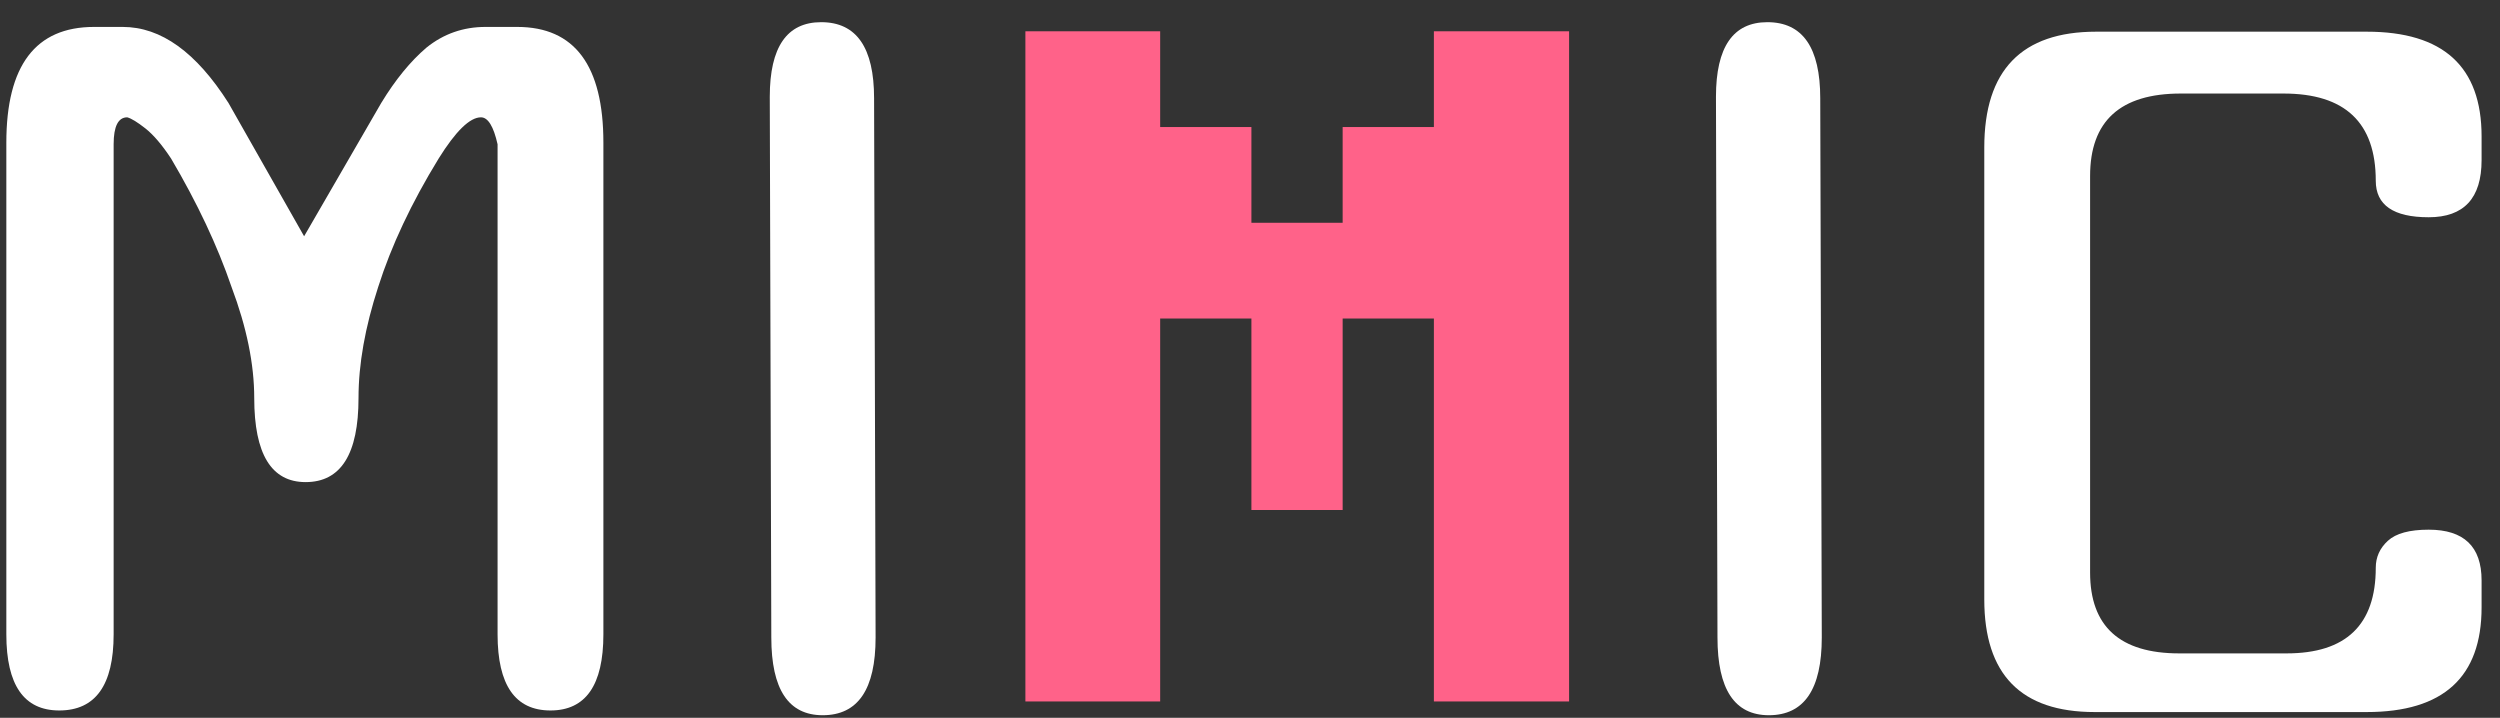 <svg width="101" height="29" viewBox="0 0 101 29" fill="none" xmlns="http://www.w3.org/2000/svg">
<rect x="0" y="0" width="101" height="29" fill="#333333" stroke="none"/>
<path d="M12.347 19.477C10.963 19.477 10.271 18.345 10.271 16.081C10.271 14.714 9.965 13.219 9.355 11.596C8.785 9.93 7.97 8.2 6.912 6.406C6.546 5.851 6.2 5.445 5.874 5.188C5.548 4.932 5.304 4.783 5.141 4.74C4.775 4.74 4.591 5.103 4.591 5.829V25.628C4.591 27.678 3.859 28.703 2.393 28.703C0.968 28.703 0.256 27.678 0.256 25.628V5.765C0.256 2.647 1.436 1.088 3.798 1.088H4.958C6.505 1.088 7.93 2.113 9.232 4.163L12.286 9.545L15.4 4.163C15.97 3.224 16.581 2.476 17.232 1.921C17.924 1.365 18.718 1.088 19.613 1.088H20.896C23.216 1.088 24.377 2.647 24.377 5.765V25.628C24.377 27.678 23.664 28.703 22.239 28.703C20.814 28.703 20.102 27.678 20.102 25.628V5.829C19.939 5.103 19.715 4.74 19.43 4.74C18.983 4.74 18.413 5.295 17.721 6.406C16.621 8.2 15.807 9.93 15.278 11.596C14.749 13.219 14.484 14.714 14.484 16.081C14.484 18.345 13.772 19.477 12.347 19.477Z" fill="white"/>
<path d="M33.237 28.895C31.853 28.895 31.161 27.849 31.161 25.756L31.099 3.907C31.099 1.899 31.792 0.896 33.176 0.896C34.601 0.896 35.313 1.921 35.313 3.971L35.374 25.756C35.374 27.849 34.662 28.895 33.237 28.895Z" fill="white"/>
<path d="M71.462 28.895C70.078 28.895 69.386 27.849 69.386 25.756L69.325 3.907C69.325 1.899 70.017 0.896 71.401 0.896C72.826 0.896 73.538 1.921 73.538 3.971L73.6 25.756C73.6 27.849 72.887 28.895 71.462 28.895Z" fill="white"/>
<path d="M95.981 22.937C95.981 22.509 96.144 22.146 96.47 21.848C96.796 21.548 97.345 21.399 98.119 21.399C99.543 21.399 100.256 22.082 100.256 23.449V24.538C100.256 27.358 98.709 28.767 95.615 28.767H84.623C81.651 28.767 80.165 27.251 80.165 24.218V5.957C80.165 2.839 81.672 1.28 84.684 1.28H95.615C98.709 1.28 100.256 2.69 100.256 5.509V6.47C100.256 8.008 99.543 8.777 98.119 8.777C96.694 8.777 95.981 8.285 95.981 7.303C95.981 4.953 94.74 3.779 92.256 3.779H88.104C85.661 3.779 84.44 4.889 84.44 7.111V23.129C84.44 25.307 85.641 26.397 88.043 26.397H92.378C94.78 26.397 95.981 25.243 95.981 22.937Z" fill="white"/>
<path d="M41.426 28.339V1.264H46.871V5.132H50.557V9H54.243V5.132H57.929V1.264H63.391V28.339H57.929V12.868H54.243V20.604H50.557V12.868H46.871V28.339H41.426Z" fill="#FF6289"/>
</svg>

_____

• TASK BRIEF: A word-for-word copy of the entries above is what is needed, without any images.

• EXPECTED ANSWER:
 <svg width="101" height="29" viewBox="0 0 101 29" fill="none" xmlns="http://www.w3.org/2000/svg">
<rect x="0" y="0" width="101" height="29" fill="#333333" stroke="none"/>
<path d="M12.347 19.477C10.963 19.477 10.271 18.345 10.271 16.081C10.271 14.714 9.965 13.219 9.355 11.596C8.785 9.93 7.97 8.2 6.912 6.406C6.546 5.851 6.2 5.445 5.874 5.188C5.548 4.932 5.304 4.783 5.141 4.74C4.775 4.74 4.591 5.103 4.591 5.829V25.628C4.591 27.678 3.859 28.703 2.393 28.703C0.968 28.703 0.256 27.678 0.256 25.628V5.765C0.256 2.647 1.436 1.088 3.798 1.088H4.958C6.505 1.088 7.93 2.113 9.232 4.163L12.286 9.545L15.4 4.163C15.97 3.224 16.581 2.476 17.232 1.921C17.924 1.365 18.718 1.088 19.613 1.088H20.896C23.216 1.088 24.377 2.647 24.377 5.765V25.628C24.377 27.678 23.664 28.703 22.239 28.703C20.814 28.703 20.102 27.678 20.102 25.628V5.829C19.939 5.103 19.715 4.74 19.43 4.74C18.983 4.74 18.413 5.295 17.721 6.406C16.621 8.2 15.807 9.93 15.278 11.596C14.749 13.219 14.484 14.714 14.484 16.081C14.484 18.345 13.772 19.477 12.347 19.477Z" fill="white"/>
<path d="M33.237 28.895C31.853 28.895 31.161 27.849 31.161 25.756L31.099 3.907C31.099 1.899 31.792 0.896 33.176 0.896C34.601 0.896 35.313 1.921 35.313 3.971L35.374 25.756C35.374 27.849 34.662 28.895 33.237 28.895Z" fill="white"/>
<path d="M71.462 28.895C70.078 28.895 69.386 27.849 69.386 25.756L69.325 3.907C69.325 1.899 70.017 0.896 71.401 0.896C72.826 0.896 73.538 1.921 73.538 3.971L73.6 25.756C73.6 27.849 72.887 28.895 71.462 28.895Z" fill="white"/>
<path d="M95.981 22.937C95.981 22.509 96.144 22.146 96.47 21.848C96.796 21.548 97.345 21.399 98.119 21.399C99.543 21.399 100.256 22.082 100.256 23.449V24.538C100.256 27.358 98.709 28.767 95.615 28.767H84.623C81.651 28.767 80.165 27.251 80.165 24.218V5.957C80.165 2.839 81.672 1.28 84.684 1.28H95.615C98.709 1.28 100.256 2.69 100.256 5.509V6.47C100.256 8.008 99.543 8.777 98.119 8.777C96.694 8.777 95.981 8.285 95.981 7.303C95.981 4.953 94.74 3.779 92.256 3.779H88.104C85.661 3.779 84.44 4.889 84.44 7.111V23.129C84.44 25.307 85.641 26.397 88.043 26.397H92.378C94.78 26.397 95.981 25.243 95.981 22.937Z" fill="white"/>
<path d="M41.426 28.339V1.264H46.871V5.132H50.557V9H54.243V5.132H57.929V1.264H63.391V28.339H57.929V12.868H54.243V20.604H50.557V12.868H46.871V28.339H41.426Z" fill="#FF6289"/>
</svg>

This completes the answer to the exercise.